WORK INSTRUCTIONS – Hunt through the entries for the word "stroke" and copy each line in which it appears.

** Opening EXCERPTED DATA block **

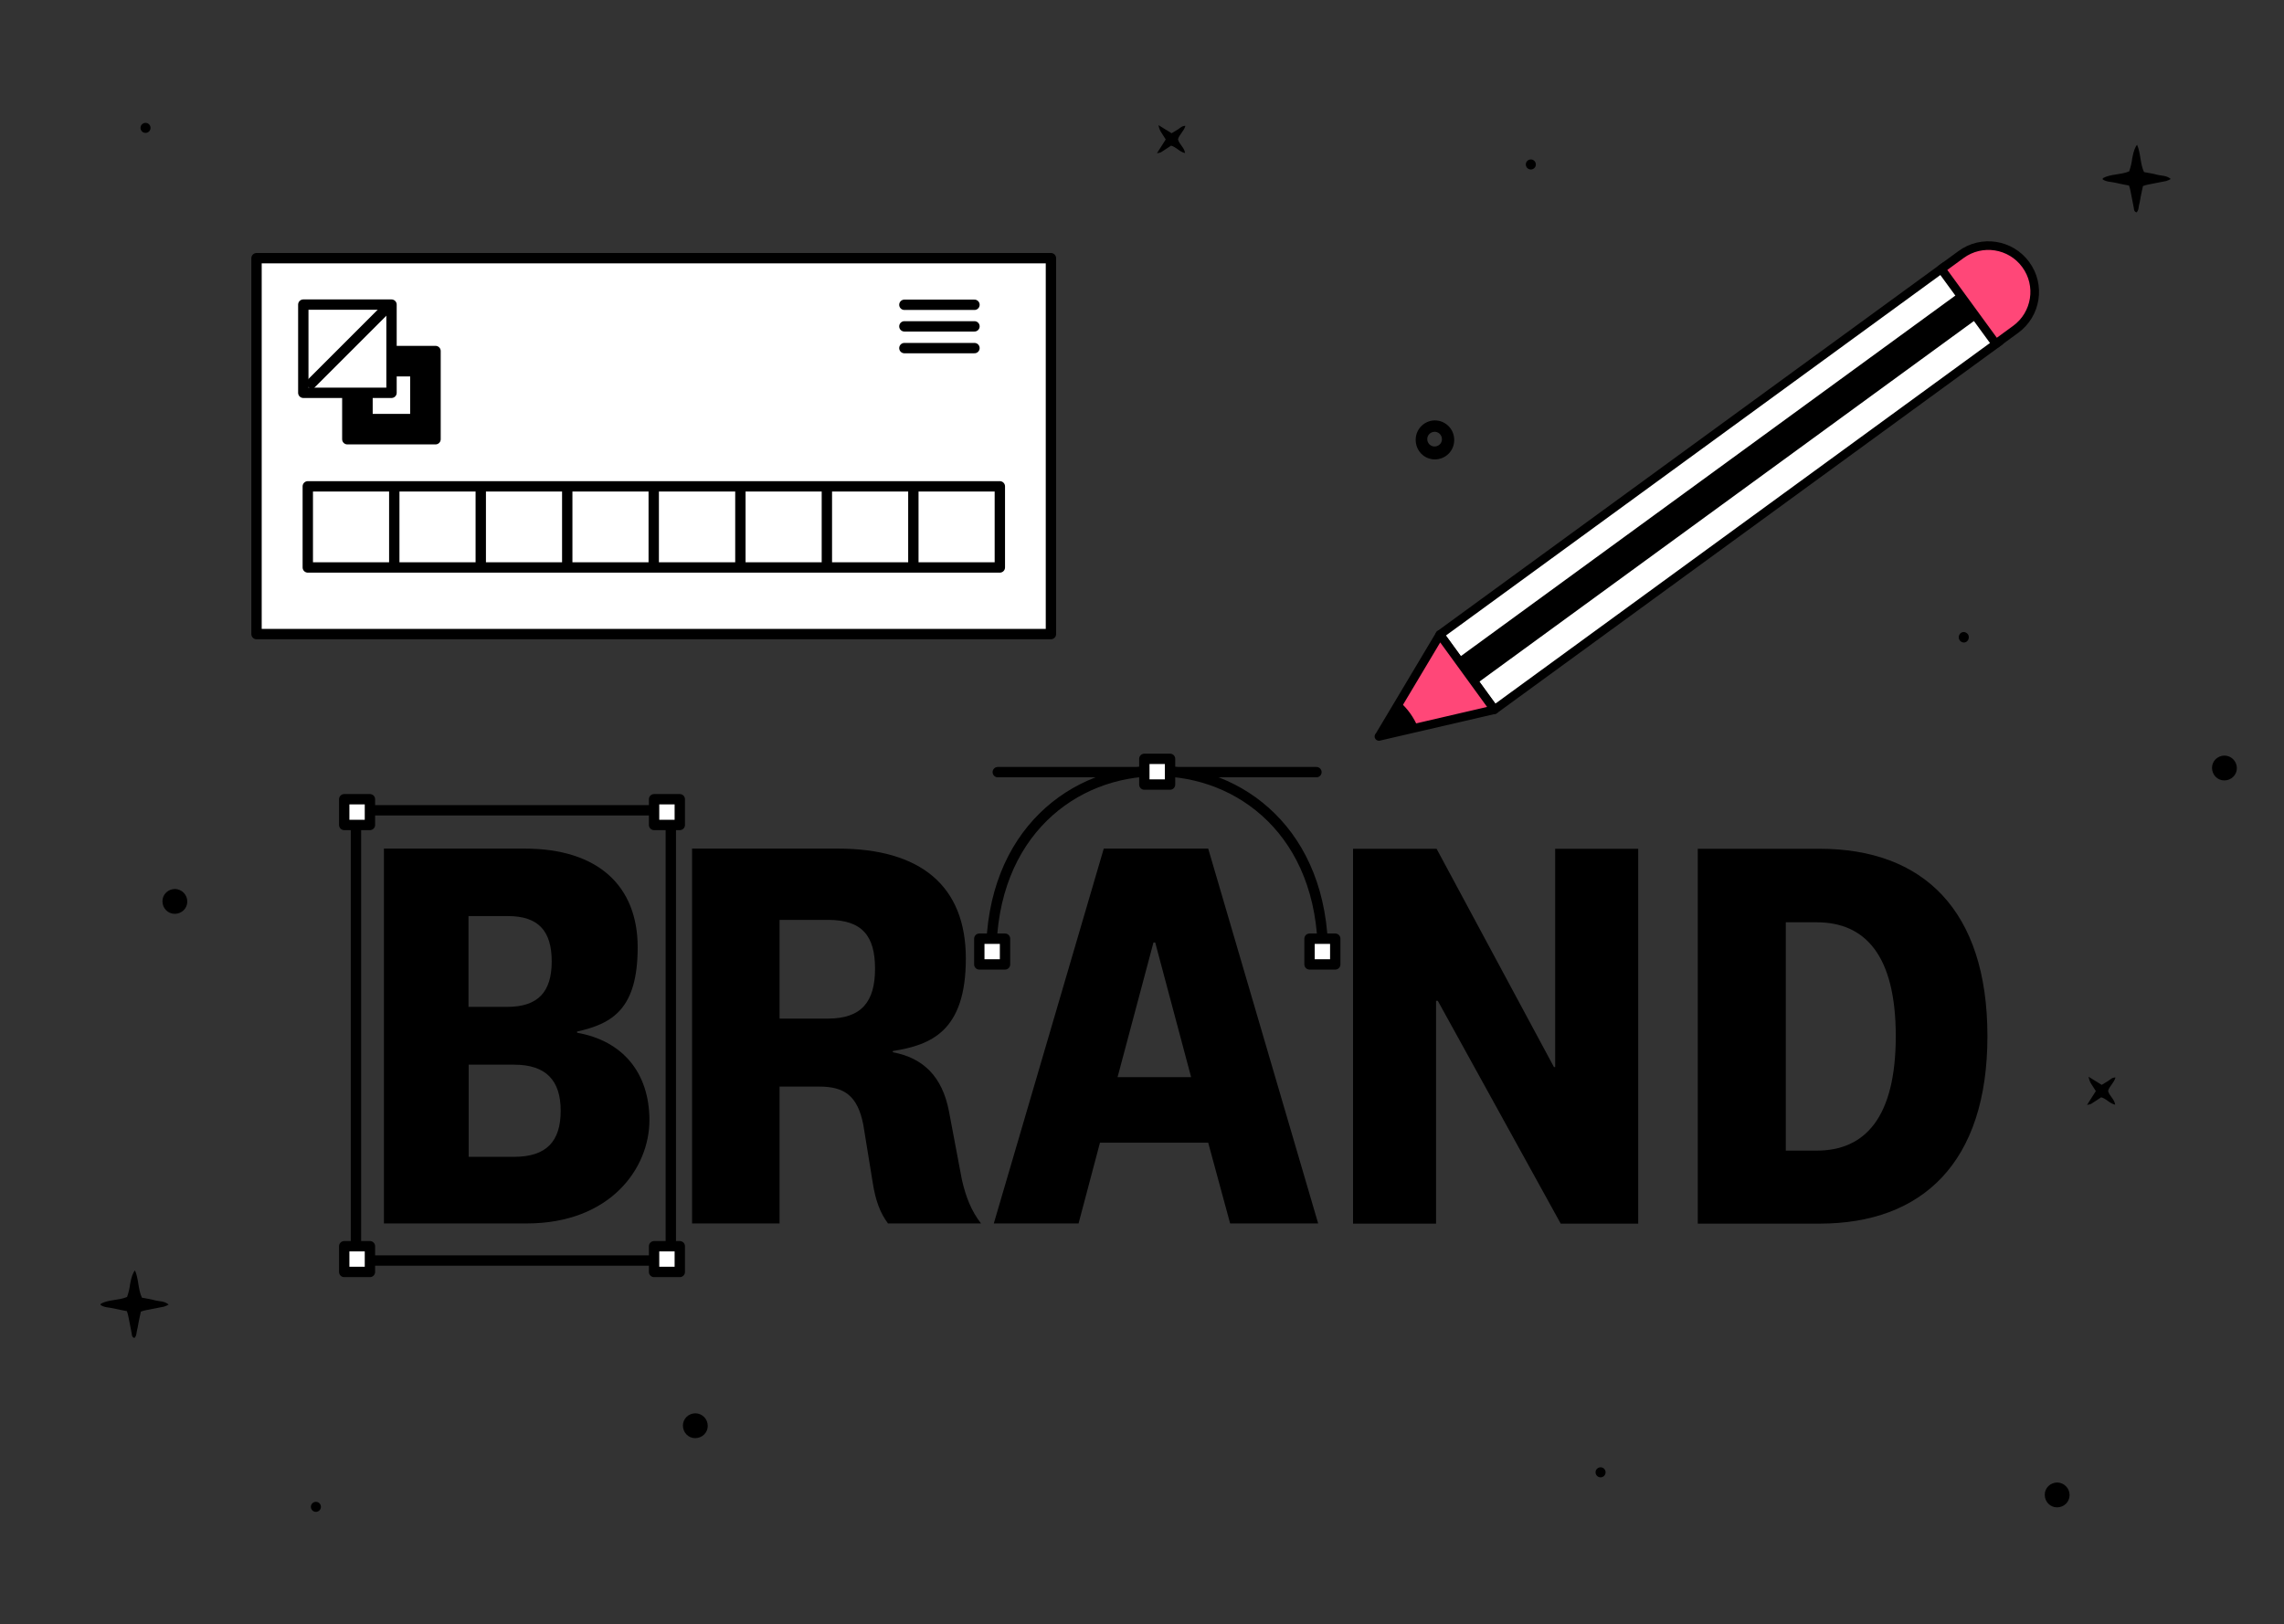 <?xml version="1.0" encoding="UTF-8"?>
<svg xmlns="http://www.w3.org/2000/svg" version="1.1" viewBox="0 0 1323.1 941">
  <rect x="0" y="0" width="1323.1" height="941" fill="#333333" stroke="none"/>
  <!-- Generator: Adobe Illustrator 29.5.0, SVG Export Plug-In . SVG Version: 2.1.0 Build 137)  -->
  <defs>
    <style>
      .st0, .st1 {
        stroke-linecap: round;
      }

      .st0, .st1, .st2, .st3, .st4, .st5, .st6 {
        stroke: #000;
        stroke-linejoin: round;
      }

      .st0, .st1, .st2, .st3, .st5 {
        stroke-width: 6px;
      }

      .st0, .st2 {
        fill: none;
      }

      .st1, .st4, .st5 {
        fill: #fff;
      }

      .st4, .st6 {
        stroke-width: 5px;
      }

      .st6 {
        fill: #ff4778;
      }
    </style>
  </defs>
  <g id="Capa_1">
    <path d="M830.9,243.6h0c-5.9.2-10.7,5-10.8,11,0,0,0,.2,0,.3,0,6.2,4.8,11.2,11,11.3,6.2,0,11.2-4.8,11.3-11v-.7c-.2-6.2-5.3-11-11.4-10.9ZM831,258.7c-2.3,0-4.2-1.9-4.2-4.3,0-2.3,1.9-4.2,4.3-4.2h.4c2.3.3,3.9,2.2,3.8,4.5-.1,2.3-2,4-4.3,4Z"/>
    <path d="M675.3,80.8l-5.1,8c.8-.1,1.7-.3,2.4-.6l5.8-3.8c3,.8,4.9,3.6,8.1,4.3-.4-3.3-3.4-5-4.1-8,.7-2.7,3.4-4.6,4.3-7.8-2,0-3,1.2-4.2,2l-3.8,2.3-7.6-4.7q.4,2.5,1.7,4.4l2.5,3.9h0Z"/>
    <path d="M1214.1,632.2l-5.1,8c.8-.1,1.7-.3,2.4-.6l5.8-3.8c3,.8,4.9,3.6,8.1,4.3-.4-3.3-3.4-5-4.1-8,.7-2.7,3.4-4.6,4.3-7.8-2,0-3,1.2-4.2,2l-3.8,2.3-7.6-4.7q.4,2.5,1.7,4.4l2.5,3.9h0Z"/>
    <path d="M77.8,775.3c1.4-1.2,1.2-3,1.6-4.6.5-1.8.7-3.8,1.1-5.6l1.1-5.1c1-.4,2.1-.7,3.2-.9l10.2-2c1-.3,1.9-.7,2.7-1.2-2.4-2.1-5.3-1.8-7.7-2.4-2.4-.7-5.2-1.1-7.8-1.6-2.3-5-1.8-10.7-4-15.8q-1.7,1.8-2.8,7.7c-.3,2.6-.9,5.2-1.8,7.7-5,2.1-10.5,1.4-15.2,3.9,0,0,0,.3-.2.7,2.3,1.6,5,1.4,7.5,2,2.5.6,5.2,1.1,7.8,1.6.4,1.1.7,2.2.9,3.3.7,3.2,1.2,6.4,1.9,9.7.1.9.1,2.1,1.6,2.6h0Z"/>
    <path d="M1237.6,123.1c1.4-1.2,1.2-3,1.6-4.6.5-1.8.7-3.8,1.1-5.6l1.1-5.1c1-.4,2.1-.7,3.2-.9l10.2-2c1-.3,1.9-.7,2.7-1.2-2.4-2.1-5.3-1.8-7.7-2.4-2.4-.7-5.2-1.1-7.8-1.6-2.3-5-1.8-10.7-4-15.8q-1.7,1.8-2.8,7.7c-.3,2.6-.9,5.2-1.8,7.7-5,2.1-10.5,1.4-15.2,3.9,0,0,0,.3-.2.7,2.3,1.6,5,1.4,7.5,2,2.5.6,5.2,1.1,7.8,1.6.4,1.1.7,2.2.9,3.3.7,3.2,1.2,6.4,1.9,9.7.1.9.1,2.1,1.6,2.6h0Z"/>
    <path d="M1137.6,366.2c-1.7,0-3,1.5-2.9,3.2,0,1.5,1.3,2.8,2.9,2.9,1.7,0,3-1.5,2.9-3.2,0-1.5-1.3-2.8-2.9-2.9Z"/>
    <path d="M1288.7,437.8c-4,0-7.3,3.1-7.3,7.1,0,4,3.1,7.3,7.1,7.3,4,0,7.3-3.1,7.3-7.1,0,0,0,0,0,0h0c0-4-3.2-7.2-7.1-7.3Z"/>
    <path d="M101.4,515.1c-4,0-7.3,3.1-7.3,7.1,0,4,3.1,7.3,7.1,7.3,4,0,7.3-3.1,7.3-7.1,0,0,0,0,0,0h0c0-4-3.2-7.2-7.1-7.3Z"/>
    <path d="M402.9,818.9c-4,0-7.3,3.1-7.3,7.1,0,4,3.1,7.3,7.1,7.3,4,0,7.3-3.1,7.3-7.1,0,0,0,0,0,0h0c0-4-3.2-7.2-7.1-7.3Z"/>
    <path d="M1191.8,859c-4,0-7.3,3.1-7.3,7.1,0,4,3.1,7.3,7.1,7.3,4,0,7.3-3.1,7.3-7.1,0,0,0,0,0,0h0c0-4-3.2-7.2-7.1-7.3Z"/>
    <path d="M927.4,850.2c-1.6-.1-3,1.1-3.1,2.7-.1,1.6,1.1,3,2.7,3.1,1.6.1,3-1.1,3.1-2.7h0c.1-1.6-1.1-3-2.7-3.1Z"/>
    <path d="M887,92.4c-1.6-.1-3,1.1-3.1,2.7-.1,1.6,1.1,3,2.7,3.1,1.6.1,3-1.1,3.1-2.7h0c.1-1.6-1.1-3-2.7-3.1Z"/>
    <path d="M183.2,870.2c-1.6-.1-3,1.1-3.1,2.7s1.1,3,2.7,3.1c1.6.1,3-1.1,3.1-2.7h0c.1-1.6-1.1-3-2.7-3.1Z"/>
    <path d="M84.5,71.2c-1.6-.1-3,1.1-3.1,2.7s1.1,3,2.7,3.1c1.6.1,3-1.1,3.1-2.7h0c.1-1.6-1.1-3-2.7-3.1Z"/>
  </g>
  <g id="_x32_">
    <g>
      <path d="M334.3,598.4c26.3,4.6,41.9,23.1,41.9,50.7s-22.4,59.8-71.2,59.8h-82.6v-217.2h81.6c42.6,0,65.4,21.8,65.4,57.2s-14.3,44.2-35.1,48.8v.7ZM271.5,583.4h22.4c17.6,0,25.7-8.5,25.7-26.3s-7.8-26.3-25.4-26.3h-22.8v52.7ZM271.5,670.3h26.3c18.9,0,27-9.1,27-26.7s-8.5-26.7-27-26.7h-26.3v53.3Z"/>
      <path d="M514.4,708.9c-4.6-6.2-7.2-13.3-8.8-23.4l-5.5-33.8c-3.3-16.9-11.1-22.1-25.4-22.1h-23.1v79.3h-50.7v-217.2h84.5c47.8,0,74.1,21.5,74.1,63.7s-20.2,50.1-42.3,53.6v.7c17.6,3.3,28.6,14,32.5,34.1l7.5,39.7c2.3,10.1,5.5,18.2,11.1,25.4h-54ZM479.6,533h-28v57.2h28c19.5,0,27.3-9.8,27.3-28.9s-7.5-28.3-27.3-28.3Z"/>
      <path d="M700,662.1h-62.8l-12.4,46.8h-49.1l63.7-217.2h60.5l63.7,217.2h-51l-12.7-46.8ZM647.4,624.1h42.6l-20.8-78h-1l-20.8,78Z"/>
      <path d="M900.9,491.8h48.1v217.2h-44.9l-71.2-129.1h-1v129.1h-48.1v-217.2h48.4l68,126.5h.7v-126.5Z"/>
      <path d="M983.5,491.8h70.6c59.8,0,97.2,35.4,97.2,108.6s-37.7,108.6-97.2,108.6h-70.6v-217.2ZM1034.5,666.7h17.9c28,0,45.8-19.2,45.8-66.3s-17.9-66-45.8-66h-17.9v132.3Z"/>
    </g>
    <rect class="st0" x="206.2" y="469.5" width="182.4" height="260.9"/>
    <rect class="st1" x="199.4" y="463.1" width="14.9" height="14.9"/>
    <rect class="st1" x="378.9" y="463.1" width="14.9" height="14.9"/>
    <rect class="st1" x="378.9" y="722.1" width="14.9" height="14.9"/>
    <rect class="st1" x="199.4" y="722.1" width="14.9" height="14.9"/>
    <path class="st0" d="M766.4,553.6c0-142.4-192.2-142.4-192.2,0"/>
    <rect class="st1" x="567.3" y="543.9" width="14.9" height="14.9"/>
    <rect class="st1" x="758.6" y="543.9" width="14.9" height="14.9"/>
    <line class="st0" x1="578" y1="447.4" x2="762.6" y2="447.4"/>
    <rect class="st1" x="662.9" y="439.7" width="14.9" height="14.9"/>
    <g>
      <path class="st4" d="M834.1,367.7l292.6-213.4,31.6,43.5-292.6,213.4-31.6-43.5Z"/>
      <path class="st6" d="M1124.5,155.9l11.5-8.4c12-8.8,28.8-6.1,37.5,5.8h0c8.8,12,6.1,28.8-5.8,37.5l-11.5,8.4h0l-31.6-43.3h0ZM798.9,426.7l35.2-59,31.6,43.5-66.9,15.5Z"/>
      <path d="M810.9,406.7l-.7-.6-11.2,20.5,22.4-5.2h0c-2.4-5.7-5.9-10.7-10.5-14.7h0ZM844.3,381.6l290.4-211.8,10.7,14.8-290.4,211.8-10.7-14.8Z"/>
    </g>
    <rect class="st5" x="148.6" y="149.6" width="460.2" height="217.8"/>
    <g>
      <rect class="st2" x="178.3" y="281.8" width="400.9" height="47"/>
      <line class="st2" x1="529.1" y1="281.8" x2="529.1" y2="328.9"/>
      <line class="st2" x1="479" y1="281.8" x2="479" y2="328.9"/>
      <line class="st2" x1="428.9" y1="281.8" x2="428.9" y2="328.9"/>
      <line class="st2" x1="378.7" y1="281.8" x2="378.7" y2="328.9"/>
      <line class="st2" x1="328.6" y1="281.8" x2="328.6" y2="328.9"/>
      <line class="st2" x1="278.5" y1="281.8" x2="278.5" y2="328.9"/>
      <line class="st2" x1="228.4" y1="281.8" x2="228.4" y2="328.9"/>
    </g>
    <g>
      <rect class="st3" x="201.2" y="203.4" width="51.1" height="51.1"/>
      <rect class="st5" x="212.9" y="215.1" width="27.7" height="27.7"/>
    </g>
    <g>
      <rect class="st5" x="175.7" y="176.5" width="51.1" height="51.1"/>
      <line class="st2" x1="178.4" y1="224.1" x2="225" y2="177.5"/>
    </g>
    <line class="st0" x1="523.9" y1="176.6" x2="564.5" y2="176.6"/>
    <line class="st0" x1="523.9" y1="189.1" x2="564.5" y2="189.1"/>
    <line class="st0" x1="523.9" y1="201.7" x2="564.5" y2="201.7"/>
  </g>
</svg>

** Closing EXCERPTED DATA block **

SOLUTION TO THIS PROBLEM –
  <rect x="0" y="0" width="1323.1" height="941" fill="#333333" stroke="none"/>
        stroke-linecap: round;
        stroke: #000;
        stroke-linejoin: round;
        stroke-width: 6px;
        stroke-width: 5px;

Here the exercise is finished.